» Exercise requirements: The records that follow should be returned exactly, pictures excluded.

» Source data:
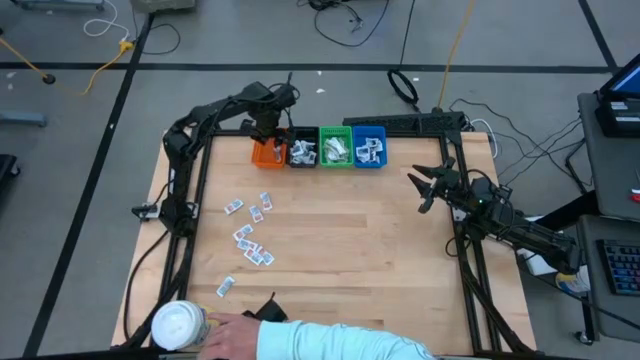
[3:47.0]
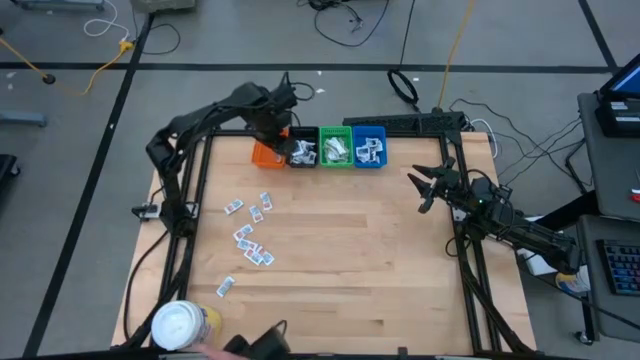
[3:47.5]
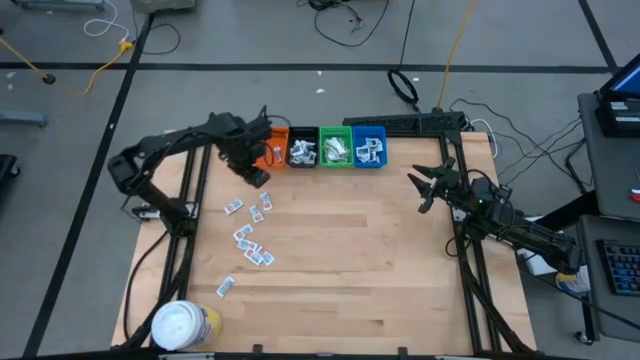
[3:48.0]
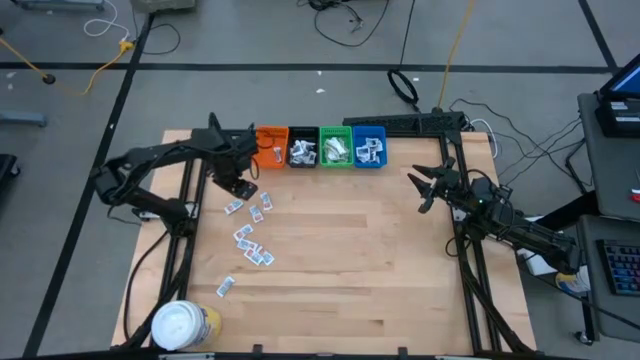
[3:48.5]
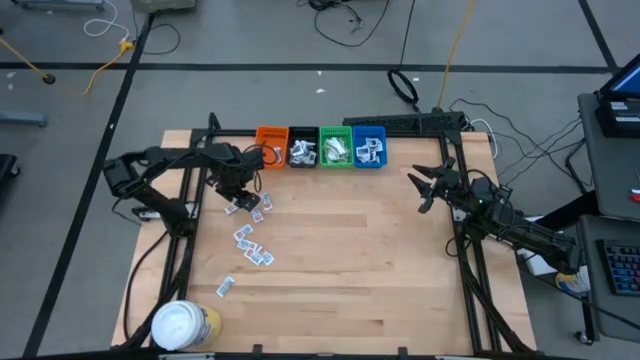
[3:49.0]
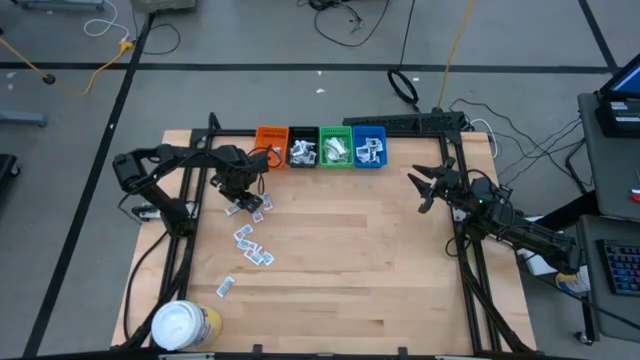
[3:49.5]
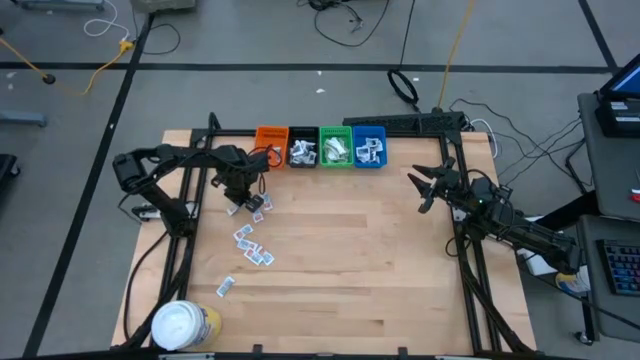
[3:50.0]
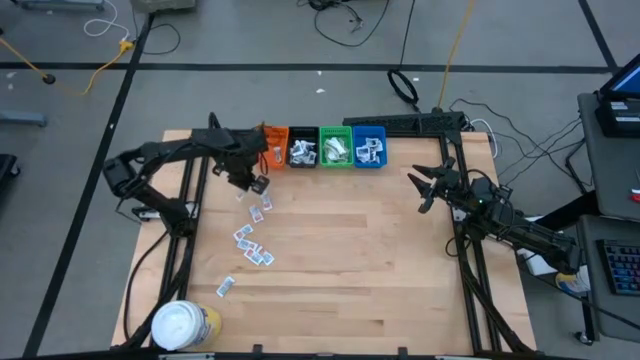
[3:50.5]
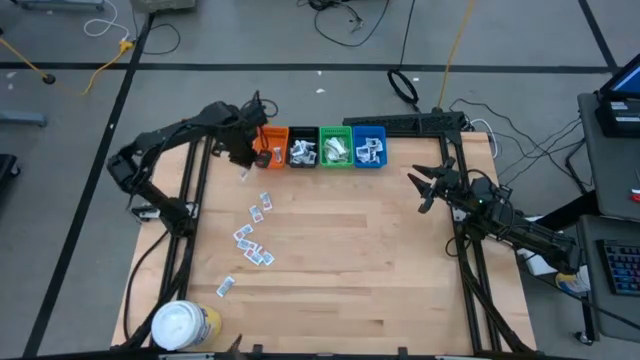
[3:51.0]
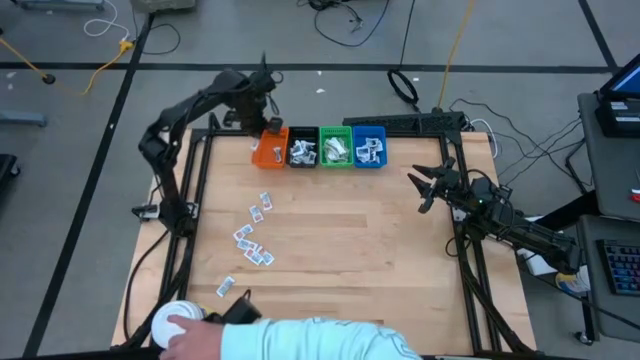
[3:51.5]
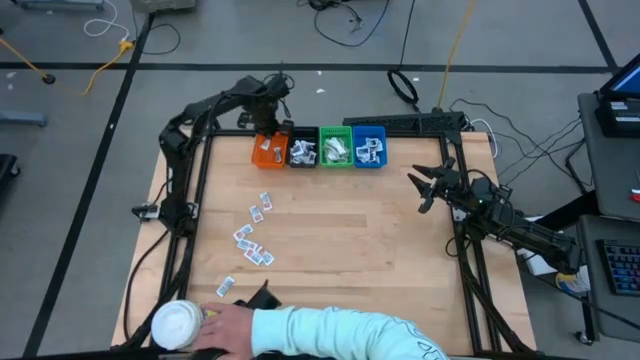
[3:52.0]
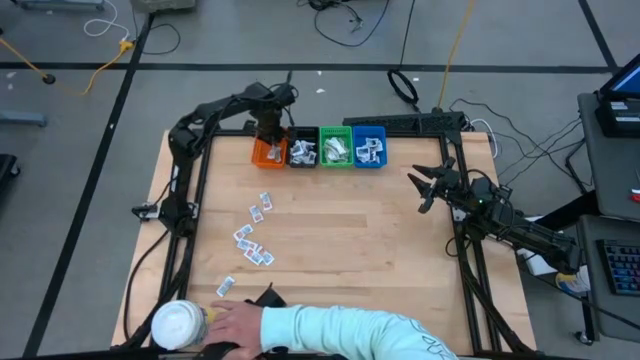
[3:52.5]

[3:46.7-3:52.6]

» Result of the task:
[3:47.0]
[3:47.5]
[3:48.0]
[3:48.5]
[3:49.0]
[3:49.5]
[3:50.0]
[3:50.5]
[3:51.0]
[3:51.5]
[3:52.0]
[3:52.5]

[3:46.7-3:52.6]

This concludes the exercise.